I have Roland Octa-Capture, and have no difficulties on Windows XP machine. What OS are you using?

Front panel mix knob must be fully "playback".

Operating system mixer must have inputs muted in output mix.

Soundcard monitor mixer must have inputs turned all the way down.










Frequency response display zoom in on amplitude is simpler, clearer view of results for purposes here.

For loopback performance checking start with input sensitivity all the way down.

To see full performance use sweep 2Hz-24kHz 256k or 512k length for sample rate 48kHz.

For trained eyes, close inspection of impulse response can be very telling.

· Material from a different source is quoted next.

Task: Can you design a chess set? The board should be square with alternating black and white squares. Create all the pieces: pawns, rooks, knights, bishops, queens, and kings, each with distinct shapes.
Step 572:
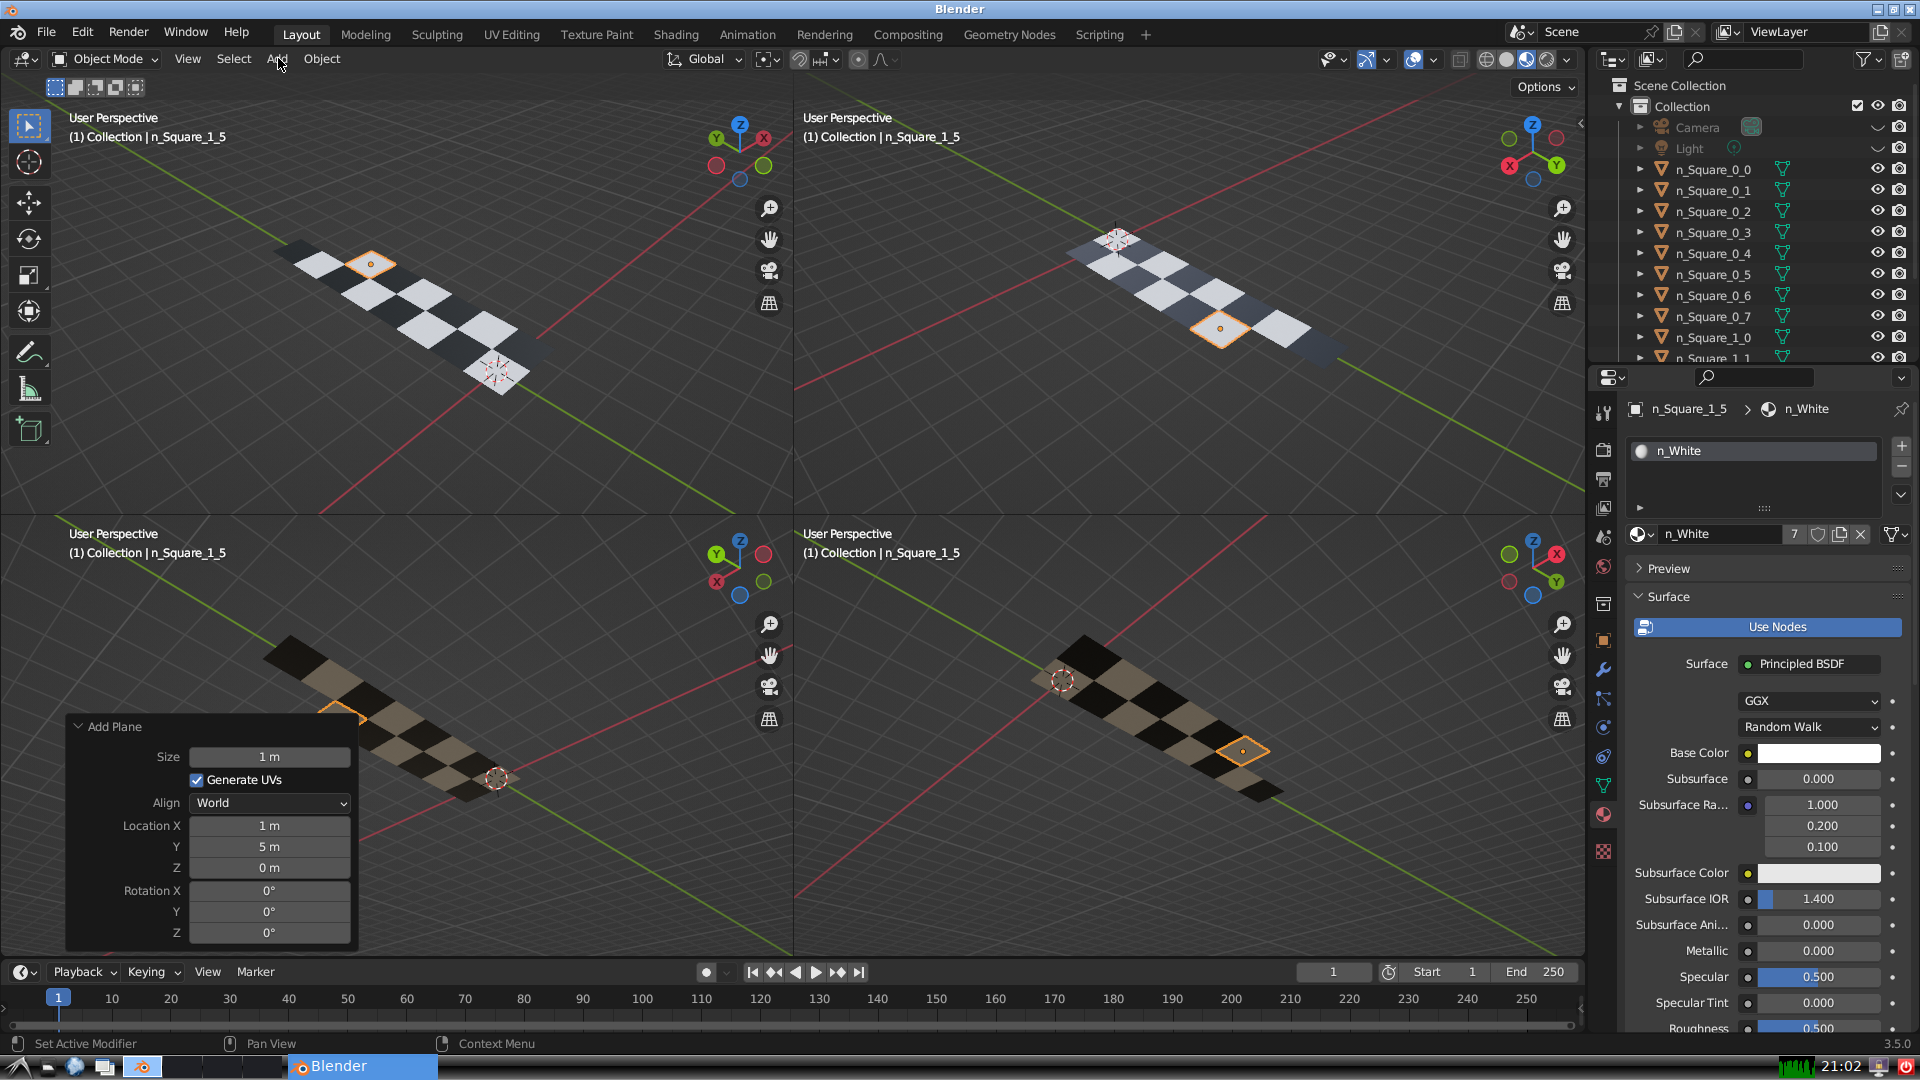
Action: click: no

If you run a loopback as described and save measurement results as REW .mdat file and attach to post I will take a look at what you've got.

Regards,

Andrew


----------



## EarlK (Jan 1, 2010)

Barleywater said:


> I have Roland Octa-Capture, and have no difficulties on Windows XP machine. What OS are you using?
> 
> (i) Front panel mix knob must be *fully "playback"*.
> 
> ...


Thanks ! Andrew for weighing in here . :T

With all the info that you've provided, hopefully our ( young ? ) friend will finally get a handle on properly managing his signal flow .

:sn:


----------



## EarlK (Jan 1, 2010)

This pic ( en francais ) is worth studying because it shows that this particular sound-card "auto-registers" ( with the computers OS ) as two separate sound devices ( on the input side ) within both REW & the Win7 sound control panel /// leading to twice as many opportunities for signal-routing foul-ups , ( as documented in the text below ) .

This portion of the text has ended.